The transformation of America into a war zone finds its most visible expression in the rise of Trump’s omnipresent police state. This authoritarian machinery reveals itself through the mechanisms of state-sponsored terror, a heavily militarized ICE force operating like masked enforcers, and the rapid expansion of detention centers that will increasingly resemble a network of potential forced labor camps. As Fintan O’Toole warns, Trump’s deployment of troops onto the streets of Los Angeles is not merely symbolic—it is “a training exercise for the army, a form of reorientation.” In this reorientation, soldiers are no longer defenders of the Constitution but are being retrained as instruments of authoritarian power, bound not by democratic ideals but by obedience to a singular will.

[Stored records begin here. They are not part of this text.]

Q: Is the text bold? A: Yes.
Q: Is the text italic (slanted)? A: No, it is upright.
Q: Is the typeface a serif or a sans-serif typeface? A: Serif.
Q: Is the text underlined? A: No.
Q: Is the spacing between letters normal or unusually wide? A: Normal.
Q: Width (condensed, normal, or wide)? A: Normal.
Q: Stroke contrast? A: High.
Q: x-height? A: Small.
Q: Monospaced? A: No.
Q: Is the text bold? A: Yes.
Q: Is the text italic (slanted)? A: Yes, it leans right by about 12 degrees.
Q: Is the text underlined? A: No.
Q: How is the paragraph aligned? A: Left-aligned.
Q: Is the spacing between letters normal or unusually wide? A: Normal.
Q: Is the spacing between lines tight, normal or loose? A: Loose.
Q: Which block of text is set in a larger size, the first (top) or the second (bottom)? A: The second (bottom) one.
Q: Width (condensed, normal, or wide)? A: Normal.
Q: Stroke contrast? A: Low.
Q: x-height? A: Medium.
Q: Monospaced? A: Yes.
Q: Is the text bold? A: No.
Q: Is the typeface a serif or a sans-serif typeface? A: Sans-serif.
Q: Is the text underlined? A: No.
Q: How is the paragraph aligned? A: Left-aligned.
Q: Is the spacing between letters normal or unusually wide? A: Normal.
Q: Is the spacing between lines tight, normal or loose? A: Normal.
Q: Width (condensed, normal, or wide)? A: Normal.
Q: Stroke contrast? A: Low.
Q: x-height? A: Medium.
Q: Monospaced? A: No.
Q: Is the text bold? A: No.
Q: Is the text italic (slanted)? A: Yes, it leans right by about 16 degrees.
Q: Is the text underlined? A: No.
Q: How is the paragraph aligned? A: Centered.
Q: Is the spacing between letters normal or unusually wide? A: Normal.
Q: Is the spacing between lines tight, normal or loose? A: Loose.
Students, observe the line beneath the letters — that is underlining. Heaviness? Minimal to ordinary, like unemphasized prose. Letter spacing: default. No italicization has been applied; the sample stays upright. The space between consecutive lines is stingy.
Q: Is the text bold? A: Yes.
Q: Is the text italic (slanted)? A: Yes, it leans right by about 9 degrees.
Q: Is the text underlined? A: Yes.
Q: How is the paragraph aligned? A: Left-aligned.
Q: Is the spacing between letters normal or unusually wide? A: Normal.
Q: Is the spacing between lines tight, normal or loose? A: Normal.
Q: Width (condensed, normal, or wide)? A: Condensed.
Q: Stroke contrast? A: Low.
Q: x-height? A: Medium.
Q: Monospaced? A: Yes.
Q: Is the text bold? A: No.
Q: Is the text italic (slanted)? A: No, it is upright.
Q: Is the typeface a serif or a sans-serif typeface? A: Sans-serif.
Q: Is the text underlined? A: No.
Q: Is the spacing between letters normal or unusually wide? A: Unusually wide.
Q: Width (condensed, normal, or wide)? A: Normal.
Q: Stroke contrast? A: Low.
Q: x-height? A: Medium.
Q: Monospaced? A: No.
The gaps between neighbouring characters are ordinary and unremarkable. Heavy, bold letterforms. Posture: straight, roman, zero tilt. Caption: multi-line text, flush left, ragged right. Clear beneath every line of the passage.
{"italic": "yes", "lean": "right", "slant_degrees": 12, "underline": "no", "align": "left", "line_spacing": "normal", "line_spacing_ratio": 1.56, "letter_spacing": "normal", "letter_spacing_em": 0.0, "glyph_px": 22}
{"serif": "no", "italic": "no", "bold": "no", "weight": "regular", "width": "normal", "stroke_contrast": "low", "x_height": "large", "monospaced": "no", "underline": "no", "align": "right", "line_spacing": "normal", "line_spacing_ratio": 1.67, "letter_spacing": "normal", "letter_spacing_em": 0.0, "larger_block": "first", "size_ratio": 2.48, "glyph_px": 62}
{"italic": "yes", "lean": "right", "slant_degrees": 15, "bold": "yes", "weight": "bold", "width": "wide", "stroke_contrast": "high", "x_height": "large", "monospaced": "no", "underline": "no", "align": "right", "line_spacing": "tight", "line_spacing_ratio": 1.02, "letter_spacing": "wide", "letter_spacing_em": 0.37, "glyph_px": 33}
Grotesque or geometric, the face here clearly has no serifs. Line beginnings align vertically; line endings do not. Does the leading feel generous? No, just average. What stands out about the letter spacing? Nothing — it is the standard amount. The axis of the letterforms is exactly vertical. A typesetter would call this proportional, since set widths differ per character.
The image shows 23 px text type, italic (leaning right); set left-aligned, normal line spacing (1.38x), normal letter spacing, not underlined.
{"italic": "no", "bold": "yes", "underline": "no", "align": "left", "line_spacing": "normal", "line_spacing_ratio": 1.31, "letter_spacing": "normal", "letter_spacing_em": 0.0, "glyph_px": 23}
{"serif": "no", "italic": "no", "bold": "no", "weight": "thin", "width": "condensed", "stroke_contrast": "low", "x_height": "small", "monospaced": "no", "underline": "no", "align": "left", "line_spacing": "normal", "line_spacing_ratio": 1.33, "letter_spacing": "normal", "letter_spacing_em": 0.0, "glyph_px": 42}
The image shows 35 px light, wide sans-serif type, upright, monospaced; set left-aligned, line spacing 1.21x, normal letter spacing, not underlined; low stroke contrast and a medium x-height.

Nevertheless, we resist or refuse to name the fascist threat and the ideological and economic architecture of its politics. Still, we recoil from calling the Trump regime what it is: a fascist state engaged in domestic terrorism. Still, we remain blind to the fact that economic inequality, global militarism, and the genocidal logics of empire are not peripheral issues, they are the center. Why is it so difficult to admit that we are living in an age of American fascism? Why do the crimes of the powerful, at home and abroad, so often pass without scrutiny, while the victims are blamed or erased?

The Collapse of Moral Imagination

What we face is not only a political crisis, partly in the collapse of conscience and civic courage-- a profound moral collapse. The war being waged at home by the Trump regime is not just against immigrants or the poor, it is a war on critical thought, on historical memory, on the courage to dissent. It is a war on every institution that upholds critical thinking, informed knowledge, and civic literacy. This is a genocidal war against the very possibility of a just future—a war not merely against, but for stupidity, for the death of morality, and for the annihilation of any robust notion of democracy. Viktor Klemperer, in his seminal work The Language of the Third Reich, offers a crucial lesson from history: "With great insistence and a high degree of precision right down to the last detail, Hitler’s Mein Kampf teaches not only that the masses are stupid, but that they need to be kept that way, intimidated into not thinking." Klemperer’s analysis reveals that Nazi politics did not arise in a vacuum; it was cultivated in a culture where language itself was the breeding ground of cruelty and control.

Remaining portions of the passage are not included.